District 9 consisted of the communities of Kensington, Normal Heights, and East San Diego, as well as the main campus of San Diego State University.

Incumbent Sean Elo-Rivera and Terry Hoskins, both Democrats, advanced from the primary on March 5, 2024, to the general election.

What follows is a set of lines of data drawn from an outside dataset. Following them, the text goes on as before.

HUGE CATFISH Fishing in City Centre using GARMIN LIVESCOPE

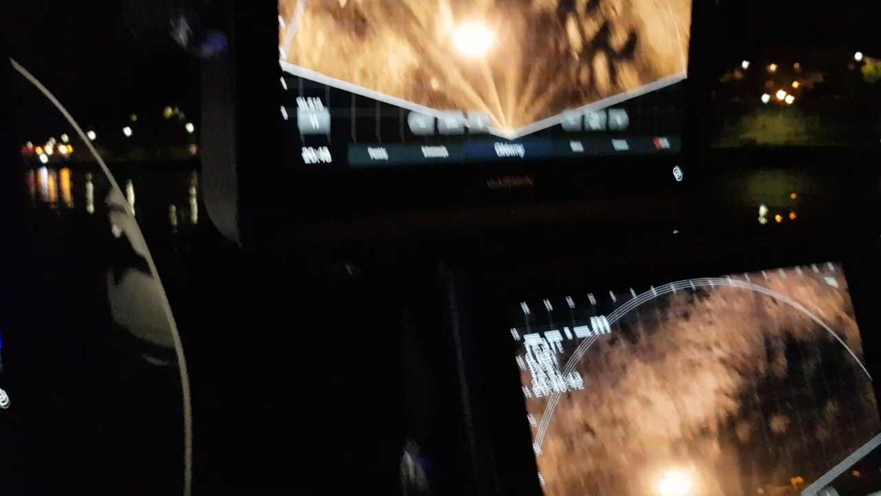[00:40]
what do they do, the Livescope, and just help me decide what to get on my boat.
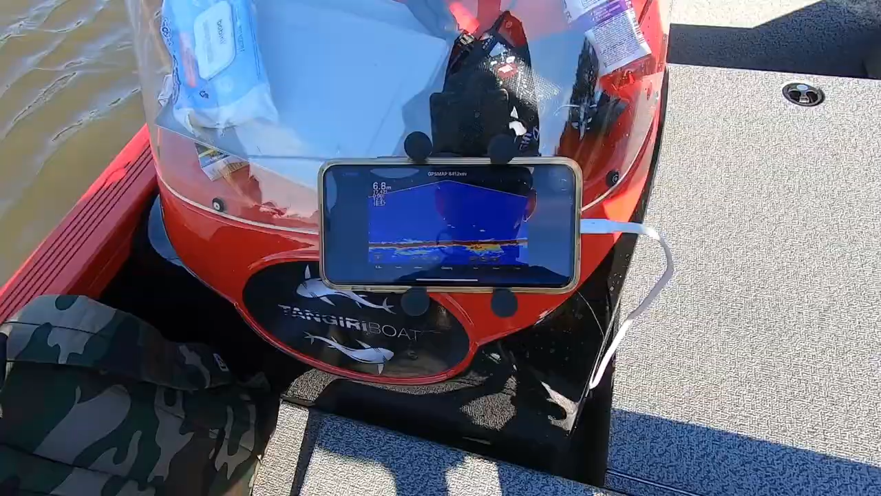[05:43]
And what we have now here is two baits in the water. We have the lobworm on the left rod, that's mine. And we have a live bait on the other rod. You can see it down there.
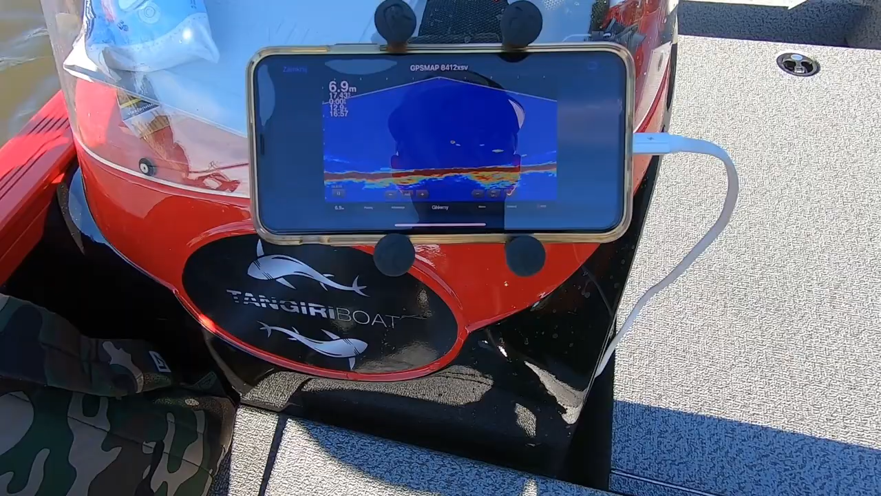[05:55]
On screen: depth 6.9 m
That's this one here is mine. That's me jigging it up and down. That's some amazing technology there. And the other bait, you can see it there. It's the live bait.
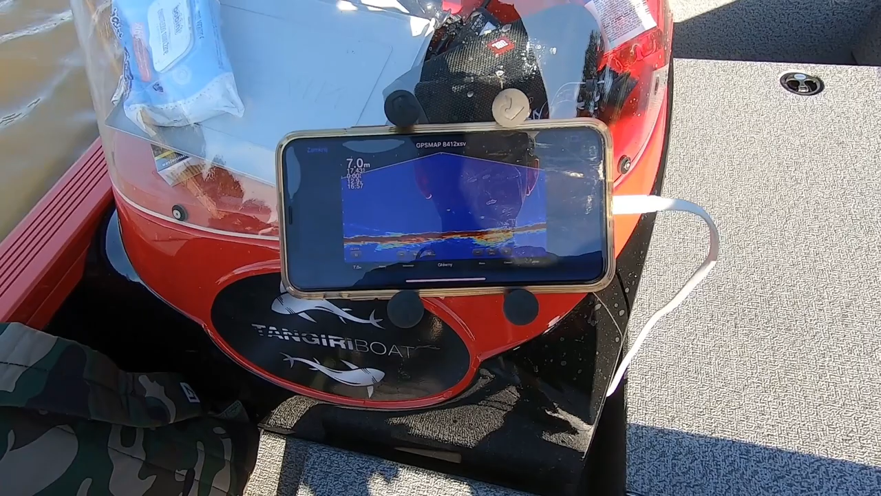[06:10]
On screen: depth 7.0 m
So now each one of these is 1 meter scale, 1 meter gap. So now we need a fish that will take two of these gaps. That's the one we want. We've seen actually three of them already, but we're yet to get some contact. Hopefully later on. Beautiful evening.
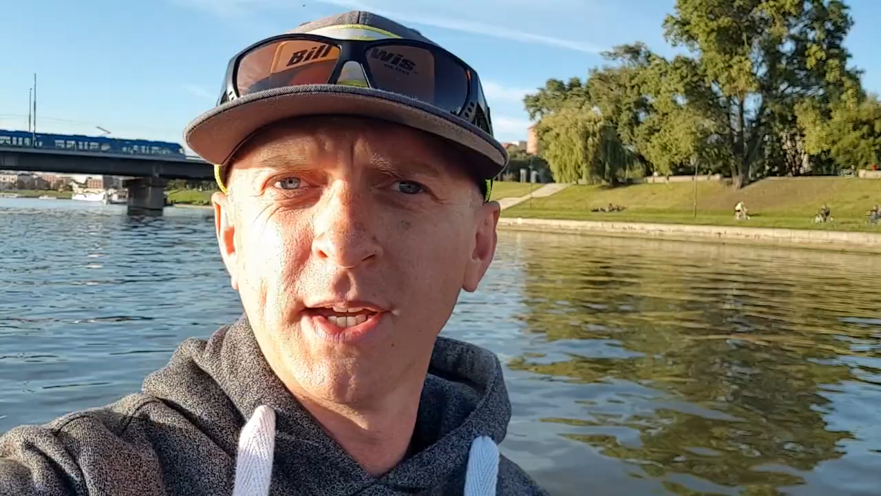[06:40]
Now we had a fairly close contact with one catfish, about 1.5 meters. It didn't take it, but it returned a couple of times. Paweł was making the noise. It's supposed to be driving catfish towards that sound.
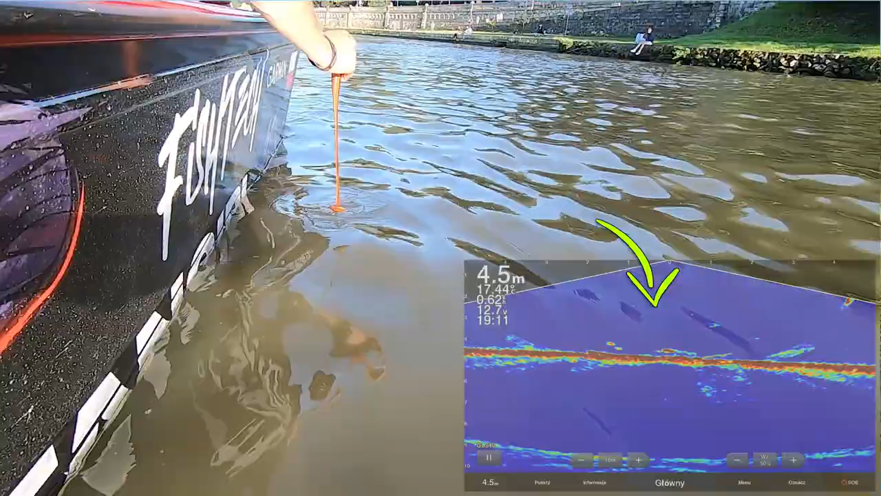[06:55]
On screen: depth 4.5 m
Sometimes it scares them, sometimes it brings them back.
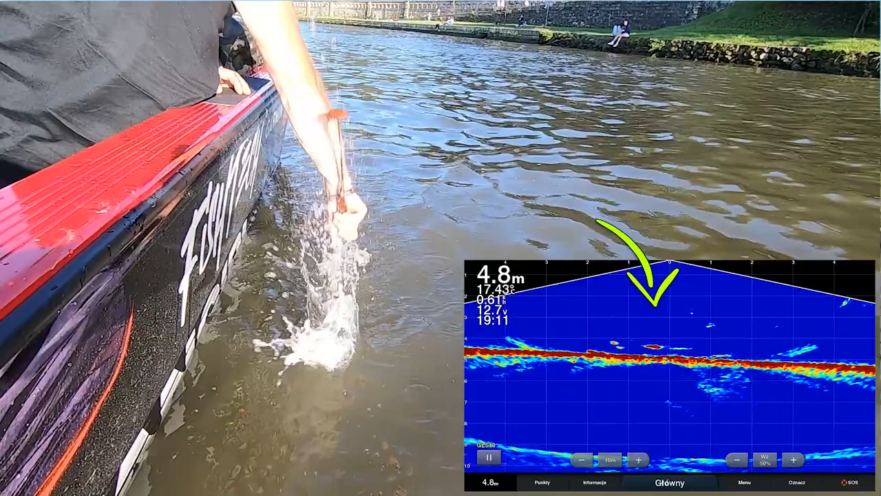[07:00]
On screen: depth 4.8 m
Now that fish made a couple of turns and went after the bait. It was fairly close to my bait, but it didn't commit to take it. But it was a heart in the mouth still seeing that fish so close to my bait, just staring at it. And it's amazing, if not for the technology we have here on the boat now, we wouldn't even know the fish was anywhere near our bait, whereas it was literally a couple of inches away, So that was as close as we've seen a catfish today.
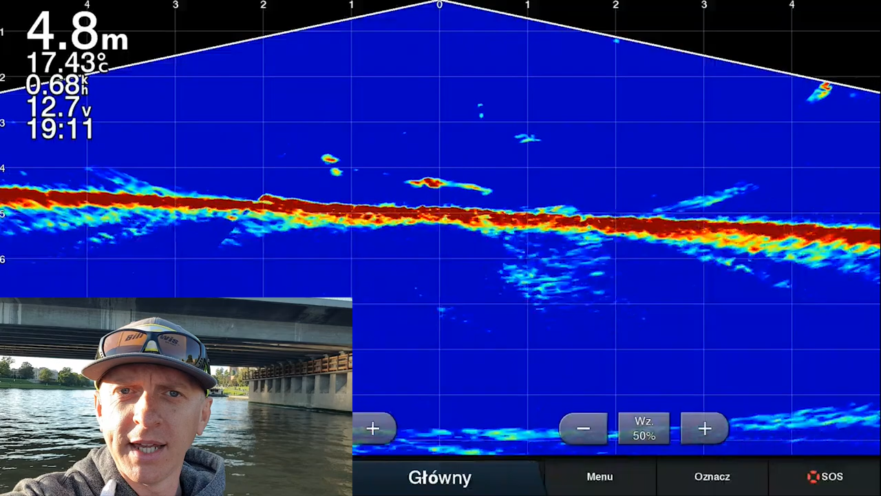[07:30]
On screen: depth 4.8 m, water 17.43°C
And we're just changing a spot now, we're going to spot number four, and hopefully we'll see something interesting there. So fingers crossed.
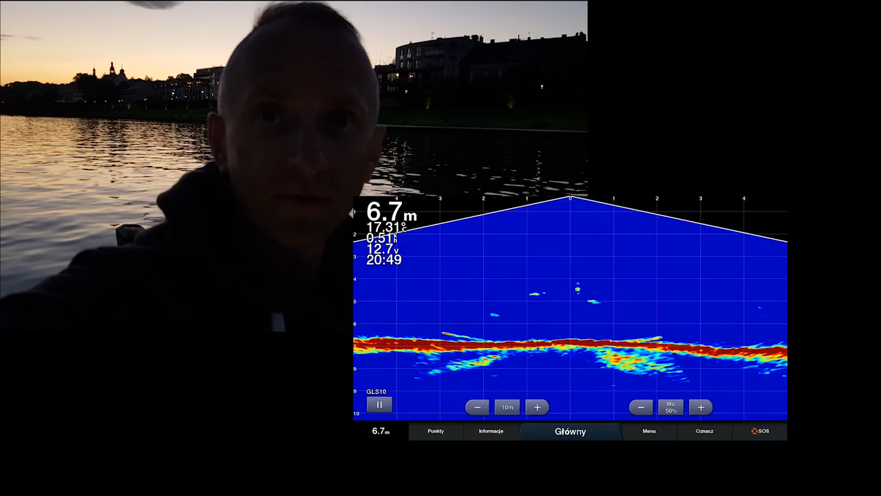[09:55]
On screen: depth 6.7 m
A few of them almost going for the bait,
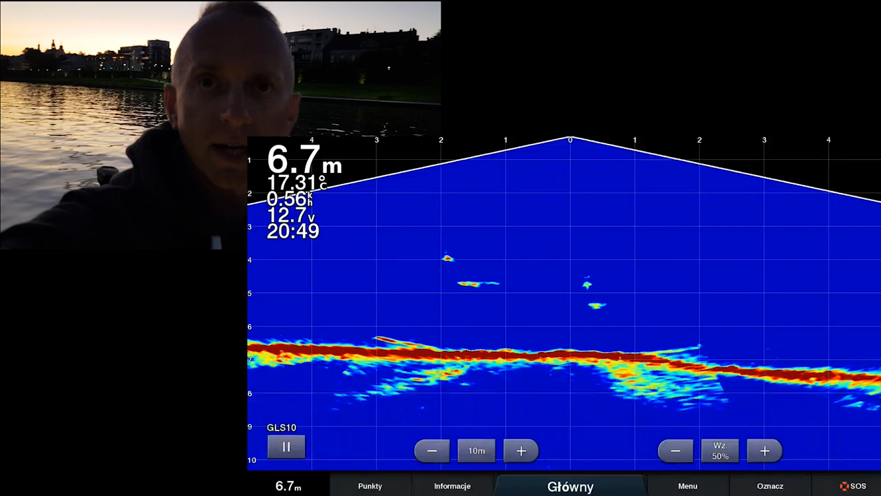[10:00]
On screen: depth 6.7 m, water 17.31°C
staring at the bait just very closely, staring at the bait for a minute or two and then not committing. And and I was jigging and dropping a little bit and lifting a little bit just to get them to bite.
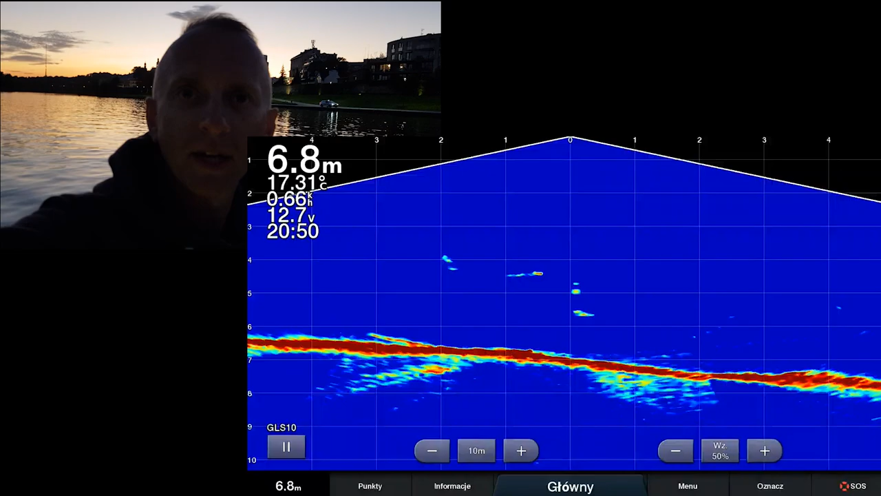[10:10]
On screen: depth 6.8 m, water 17.31°C
But no, after that one bite, we've seen quite a few fish on the flounder, but none of them has committed.

Elo-Rivera went on to defeat Hoskins in the general election.

===== Candidates =====
====== Qualified ======
- Sean Elo-Rivera, San Diego City Council president (2021–present), San Diego City Councilmember from District 9 (2020–present)
- Terry Hoskins
- Fernando Garcia

====== Endorsements ======

2024 San Diego City Council District 9 election
Primary election
| Party |  | Candidate | Votes | % |
|  | Democratic | Sean Elo-Rivera (incumbent) | 10,042 | 51.9 |
|  | Democratic | Terry Hoskins | 5,816 | 30.1 |
|  | Independent | Fernando Garcia | 3,491 | 18.0 |
| Total votes |  |  | 19,349 | 100.0 |
General election
|  | Democratic | Sean Elo-Rivera | 26,765 | 60.9 |
|  | Democratic | Terry Hoskins | 17,213 | 39.1 |
| Total votes |  |  | 43,978 | 100.00 |
|  | Democratic hold |  |  |  |

==== Council president ====
After the election, incumbent council president Elo-Rivera, who had served since 2021, announced that he would not seek another term as council president. He was succeeded by president pro tempore Joe LaCava, who was elected in a 9–0 vote on December 10, 2024.